**BRIEF:** The response should be the lines of the data, starting at the first and ending at the one that contains "Character: 𧛭", copied without change.
|---|
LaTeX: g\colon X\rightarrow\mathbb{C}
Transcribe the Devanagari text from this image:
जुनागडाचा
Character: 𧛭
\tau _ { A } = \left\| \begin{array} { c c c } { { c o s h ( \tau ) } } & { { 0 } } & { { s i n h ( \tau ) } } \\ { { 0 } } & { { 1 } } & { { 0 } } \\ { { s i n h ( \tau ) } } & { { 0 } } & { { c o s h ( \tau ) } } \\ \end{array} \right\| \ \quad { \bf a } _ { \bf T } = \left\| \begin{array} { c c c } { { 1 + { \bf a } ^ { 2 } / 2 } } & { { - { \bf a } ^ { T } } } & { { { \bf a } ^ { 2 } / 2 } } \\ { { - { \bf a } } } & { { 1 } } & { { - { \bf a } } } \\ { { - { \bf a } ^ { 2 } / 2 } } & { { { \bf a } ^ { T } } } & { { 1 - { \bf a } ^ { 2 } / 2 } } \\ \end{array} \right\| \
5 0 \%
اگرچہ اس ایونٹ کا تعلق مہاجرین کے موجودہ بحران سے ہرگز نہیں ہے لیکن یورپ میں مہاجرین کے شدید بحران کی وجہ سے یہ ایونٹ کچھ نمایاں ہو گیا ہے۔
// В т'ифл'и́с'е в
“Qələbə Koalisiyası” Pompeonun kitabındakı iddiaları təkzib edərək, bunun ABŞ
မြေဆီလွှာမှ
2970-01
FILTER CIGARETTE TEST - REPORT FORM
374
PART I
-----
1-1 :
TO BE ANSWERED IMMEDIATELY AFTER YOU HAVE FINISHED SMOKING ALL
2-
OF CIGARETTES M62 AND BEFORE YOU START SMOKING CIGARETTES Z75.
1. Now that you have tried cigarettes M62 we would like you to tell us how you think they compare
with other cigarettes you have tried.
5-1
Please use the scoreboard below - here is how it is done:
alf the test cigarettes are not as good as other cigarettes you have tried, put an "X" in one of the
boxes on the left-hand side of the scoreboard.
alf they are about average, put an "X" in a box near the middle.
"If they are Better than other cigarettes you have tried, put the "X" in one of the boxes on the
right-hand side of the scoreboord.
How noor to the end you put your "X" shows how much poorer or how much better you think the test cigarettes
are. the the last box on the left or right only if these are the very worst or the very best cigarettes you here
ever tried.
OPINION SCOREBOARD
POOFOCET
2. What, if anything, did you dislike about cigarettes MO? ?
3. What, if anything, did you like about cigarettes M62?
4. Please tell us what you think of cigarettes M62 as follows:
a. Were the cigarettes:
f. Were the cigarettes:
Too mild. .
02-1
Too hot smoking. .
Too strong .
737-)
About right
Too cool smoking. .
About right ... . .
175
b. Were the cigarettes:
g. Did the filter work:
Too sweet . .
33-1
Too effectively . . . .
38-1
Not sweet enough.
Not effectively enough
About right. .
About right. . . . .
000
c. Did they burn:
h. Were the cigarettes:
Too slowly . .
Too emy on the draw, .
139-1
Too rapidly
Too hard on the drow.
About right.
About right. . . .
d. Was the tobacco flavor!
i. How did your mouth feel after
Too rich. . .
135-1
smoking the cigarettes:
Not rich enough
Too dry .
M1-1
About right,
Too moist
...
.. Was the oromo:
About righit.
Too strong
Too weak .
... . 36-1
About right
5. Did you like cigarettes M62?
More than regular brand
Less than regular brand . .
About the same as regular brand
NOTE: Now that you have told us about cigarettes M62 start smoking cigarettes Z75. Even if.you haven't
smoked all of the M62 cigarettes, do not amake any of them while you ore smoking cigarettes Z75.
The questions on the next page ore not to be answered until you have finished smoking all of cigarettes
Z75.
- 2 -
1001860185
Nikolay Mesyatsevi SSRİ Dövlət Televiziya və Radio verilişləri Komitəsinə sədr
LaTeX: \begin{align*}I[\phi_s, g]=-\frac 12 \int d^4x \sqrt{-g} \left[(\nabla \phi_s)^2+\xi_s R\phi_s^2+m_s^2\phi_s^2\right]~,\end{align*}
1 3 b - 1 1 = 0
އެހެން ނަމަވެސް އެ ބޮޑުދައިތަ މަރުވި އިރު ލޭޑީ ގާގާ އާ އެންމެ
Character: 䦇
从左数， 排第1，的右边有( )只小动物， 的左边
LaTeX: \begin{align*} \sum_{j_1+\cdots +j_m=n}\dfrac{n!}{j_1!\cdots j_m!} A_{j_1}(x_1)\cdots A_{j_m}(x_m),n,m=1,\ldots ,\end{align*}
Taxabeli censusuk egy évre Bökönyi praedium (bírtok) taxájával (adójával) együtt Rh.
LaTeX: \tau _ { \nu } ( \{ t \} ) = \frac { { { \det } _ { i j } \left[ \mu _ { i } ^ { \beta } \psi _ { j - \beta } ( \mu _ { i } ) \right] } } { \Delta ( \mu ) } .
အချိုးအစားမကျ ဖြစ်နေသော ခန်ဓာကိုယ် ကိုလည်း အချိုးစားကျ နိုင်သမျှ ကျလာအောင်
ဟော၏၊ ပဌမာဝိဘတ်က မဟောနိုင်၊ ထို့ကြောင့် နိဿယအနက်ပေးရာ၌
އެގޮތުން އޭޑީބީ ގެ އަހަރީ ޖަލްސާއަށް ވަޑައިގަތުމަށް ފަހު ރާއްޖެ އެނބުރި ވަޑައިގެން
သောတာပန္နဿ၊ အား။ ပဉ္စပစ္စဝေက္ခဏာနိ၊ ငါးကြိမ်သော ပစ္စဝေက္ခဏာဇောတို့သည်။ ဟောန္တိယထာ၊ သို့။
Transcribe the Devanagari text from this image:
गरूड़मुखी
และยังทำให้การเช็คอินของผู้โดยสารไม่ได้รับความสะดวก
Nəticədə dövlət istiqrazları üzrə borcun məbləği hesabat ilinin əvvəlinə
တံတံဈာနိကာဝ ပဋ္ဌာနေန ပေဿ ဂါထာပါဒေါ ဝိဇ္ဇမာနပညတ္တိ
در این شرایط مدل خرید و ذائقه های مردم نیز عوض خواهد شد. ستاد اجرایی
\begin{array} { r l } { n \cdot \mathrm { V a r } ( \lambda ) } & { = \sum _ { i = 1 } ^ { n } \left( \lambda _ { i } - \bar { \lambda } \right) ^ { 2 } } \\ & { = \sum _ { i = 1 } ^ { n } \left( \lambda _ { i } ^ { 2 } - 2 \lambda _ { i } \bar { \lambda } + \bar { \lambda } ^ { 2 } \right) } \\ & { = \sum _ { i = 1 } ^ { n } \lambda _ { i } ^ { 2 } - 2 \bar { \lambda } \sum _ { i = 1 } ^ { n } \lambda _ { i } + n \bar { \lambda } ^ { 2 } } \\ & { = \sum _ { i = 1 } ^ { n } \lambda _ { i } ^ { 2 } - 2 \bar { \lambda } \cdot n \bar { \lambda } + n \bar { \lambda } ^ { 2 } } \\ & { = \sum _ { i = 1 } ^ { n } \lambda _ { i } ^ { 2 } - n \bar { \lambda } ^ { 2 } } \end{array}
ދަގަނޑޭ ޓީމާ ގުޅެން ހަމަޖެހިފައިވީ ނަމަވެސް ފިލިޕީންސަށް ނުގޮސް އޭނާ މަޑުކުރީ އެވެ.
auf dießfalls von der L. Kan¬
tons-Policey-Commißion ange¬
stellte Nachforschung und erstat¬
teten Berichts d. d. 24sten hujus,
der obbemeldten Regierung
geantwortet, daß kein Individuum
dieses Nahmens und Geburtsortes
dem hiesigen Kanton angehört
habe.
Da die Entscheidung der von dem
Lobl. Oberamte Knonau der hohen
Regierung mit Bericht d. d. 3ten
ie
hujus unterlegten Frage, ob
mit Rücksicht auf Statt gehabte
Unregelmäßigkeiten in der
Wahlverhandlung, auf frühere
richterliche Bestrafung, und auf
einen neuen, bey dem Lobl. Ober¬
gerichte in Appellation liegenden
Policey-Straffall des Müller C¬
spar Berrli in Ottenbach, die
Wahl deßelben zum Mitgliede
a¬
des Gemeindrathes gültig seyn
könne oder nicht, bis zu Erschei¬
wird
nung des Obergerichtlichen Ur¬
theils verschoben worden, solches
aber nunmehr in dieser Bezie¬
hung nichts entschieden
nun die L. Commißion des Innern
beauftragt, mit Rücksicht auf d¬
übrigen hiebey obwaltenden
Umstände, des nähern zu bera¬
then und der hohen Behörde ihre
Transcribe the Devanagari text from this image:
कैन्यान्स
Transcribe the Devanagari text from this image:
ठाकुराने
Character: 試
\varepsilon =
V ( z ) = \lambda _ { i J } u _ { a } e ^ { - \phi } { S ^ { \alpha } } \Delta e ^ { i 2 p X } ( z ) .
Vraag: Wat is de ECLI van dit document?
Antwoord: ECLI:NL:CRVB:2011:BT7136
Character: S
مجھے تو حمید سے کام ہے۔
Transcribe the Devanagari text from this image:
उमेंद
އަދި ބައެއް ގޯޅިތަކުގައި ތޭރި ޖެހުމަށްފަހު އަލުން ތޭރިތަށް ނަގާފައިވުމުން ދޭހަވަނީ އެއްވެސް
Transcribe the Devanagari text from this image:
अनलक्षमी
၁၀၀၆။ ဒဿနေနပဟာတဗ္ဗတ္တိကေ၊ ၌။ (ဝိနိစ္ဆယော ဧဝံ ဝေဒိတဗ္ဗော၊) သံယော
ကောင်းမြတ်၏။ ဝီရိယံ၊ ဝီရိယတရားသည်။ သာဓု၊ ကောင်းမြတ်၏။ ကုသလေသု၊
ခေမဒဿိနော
|---|
**COMPLETED EXERCISE:**
LaTeX: g\colon X\rightarrow\mathbb{C}
Transcribe the Devanagari text from this image:
जुनागडाचा
Character: 𧛭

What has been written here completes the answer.